With climate change emerging as a significant retirement issue, you may be wondering what retirees can do to protect themselves and their families. It turns out there’s a lot you can do—adapting your lifestyle, protecting your finances, and, if you’re so inspired, participating in activism.

Let’s look at each of these possibilities.

Evolve to a green retirement lifestyle

There are several “triple win” climate change solutions you can implement that have the potential to save you money, improve your health, and help you be more gentle on the environment. Such solutions include:

  • Downsizing your home to reduce maintenance costs, property taxes, insurance, and energy bills. You can achieve a “triple win” status if you choose a new home that enables you to walk or bike to get around town, helping you exercise and reduce carbon emissions in the bargain.
  • When you can’t walk or bike, try using public transportation, potentially saving you money and reducing your stress.
  • Growing your own fruits and vegetables. Better yet, replace your water-hungry lawn in the process.
  • Eating more fruits, vegetables, grains, and legumes and less meat. Try to make plant-based food the main focus of each meal instead of meat.
  • Buying food at a farmer’s market, preferably a market you can walk to. At a local farmer’s market, you have the opportunity to buy locally produced food, make friends with the vendors, and get exercise walking though the market.

Most retirees have less regular income compared to their working years. But instead of viewing this as a diminished situation, think instead that you’re living a “green retirement.”

Protect your life and your finances

Are you living in an area that’s threatened by fires, floods, drought, or extreme weather events? These events can take a devastating toll on your finances and health. If your area is at risk for these types of conditions, you might want to consider moving to a more climate-friendly location—before you’re too old and don’t have the energy and resources to make such a move.

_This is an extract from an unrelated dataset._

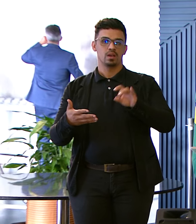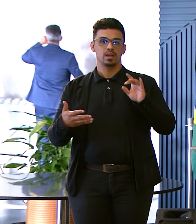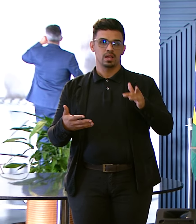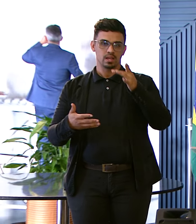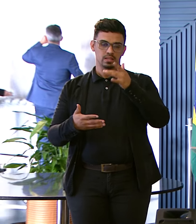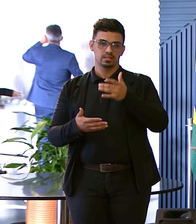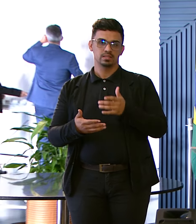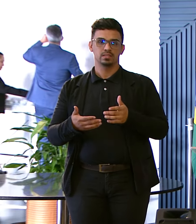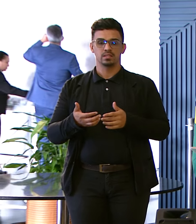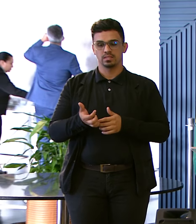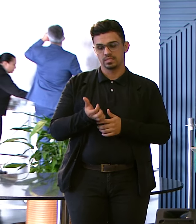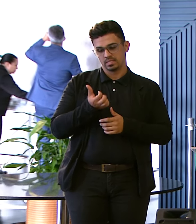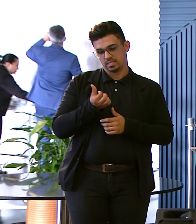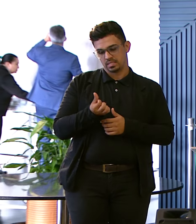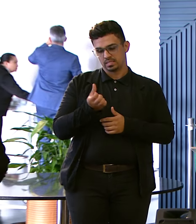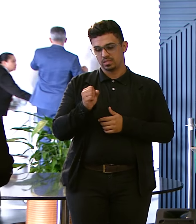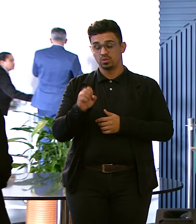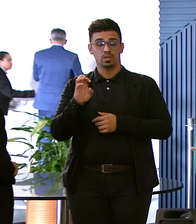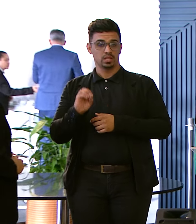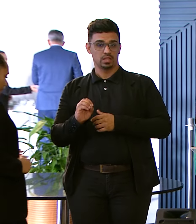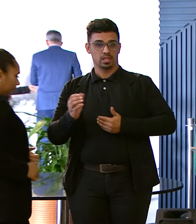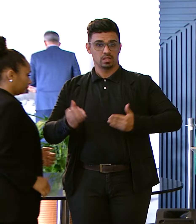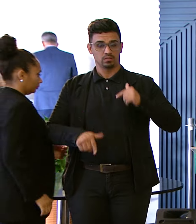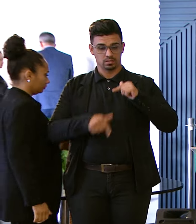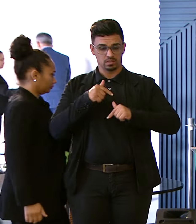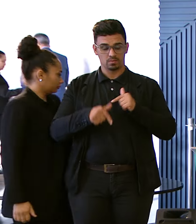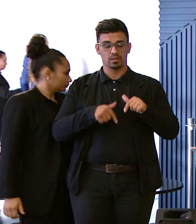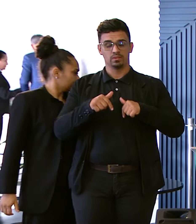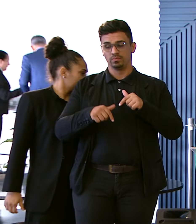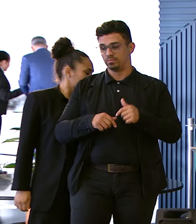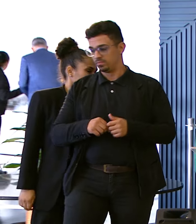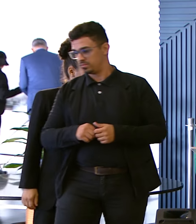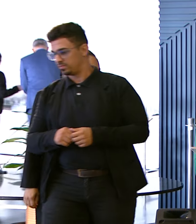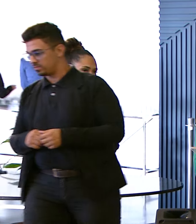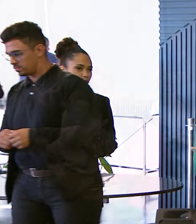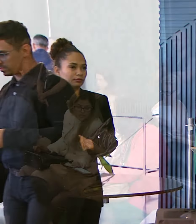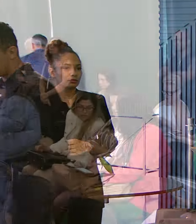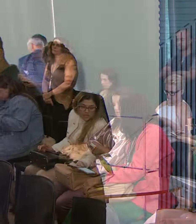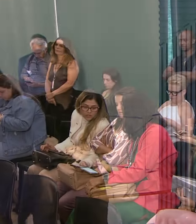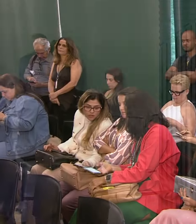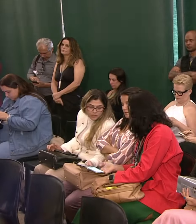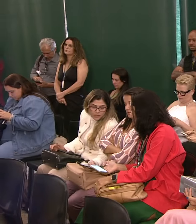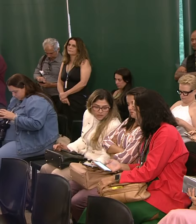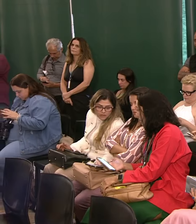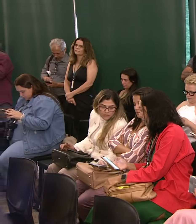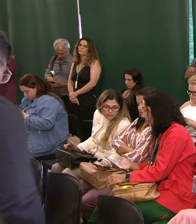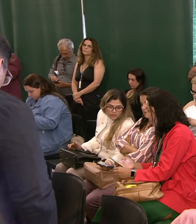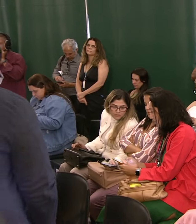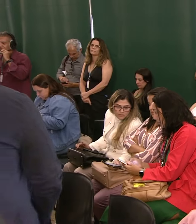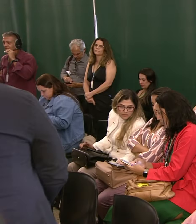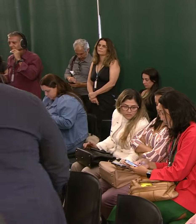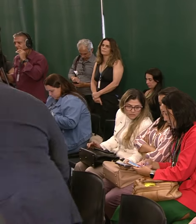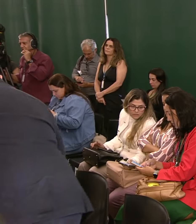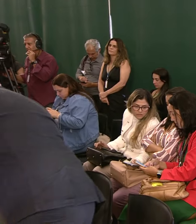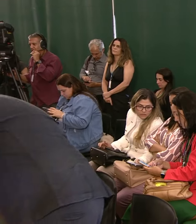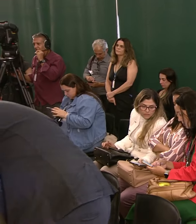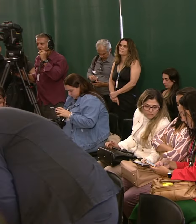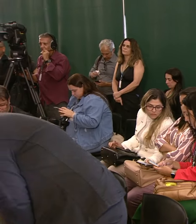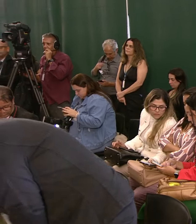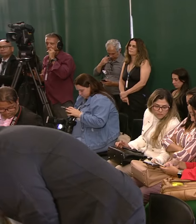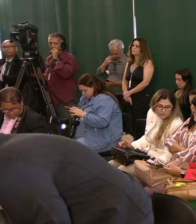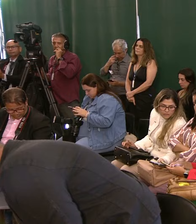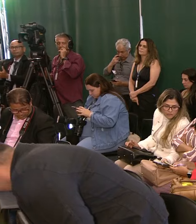680 colaboradores Que trabalham Na maternidade Nos quais Eu cito A enfermeira Daniele Mota E o

You can also broaden your idea of a “retirement investment” to mean deploying retirement savings to reduce your living expenses in light of climate change. The “return” on your investment can compare favorably to investment returns on your savings. Examples include:

  • Insulating your home
  • Buying energy-efficient appliances
  • Installing solar panels if you live in a sunny area
  • Buying a car with high gas mileage, such as a hybrid, or even an electric vehicle
  • Installing drought-tolerant plants together with drip irrigation

It’s hard to predict whether climate change could cause inflation or stock market crashes during your retirement. However, you might consider climate change to be one more reason to take steps to protect your retirement income and living expenses against the risks of inflation and stock market crashes.

If you’re really motivated…

Some retirees might want to reposition their retirement investments in a way that aligns their values with their investments. If you decide to take on this admirable goal, just remember, the devil is in the details. It turns out that there can be several different ways to define a “climate friendly investment.” Morningstar is a good source of information on sustainable investing, devoting an entire landing page on their website to the topic.

Another response might be to get involved with organizations that help reduce the impact of climate change on communities. For example, the Elder Action Network was formed to create a community of elders to leave a better world to our kids, grandkids, and future generations. Two of their initiatives are particularly relevant: climate action and regenerative living.

Of course, the steps described here won’t necessarily be easy to implement. But this is the hard work facing the Boomer generation: addressing the serious threat of climate change on our finances, health, and society.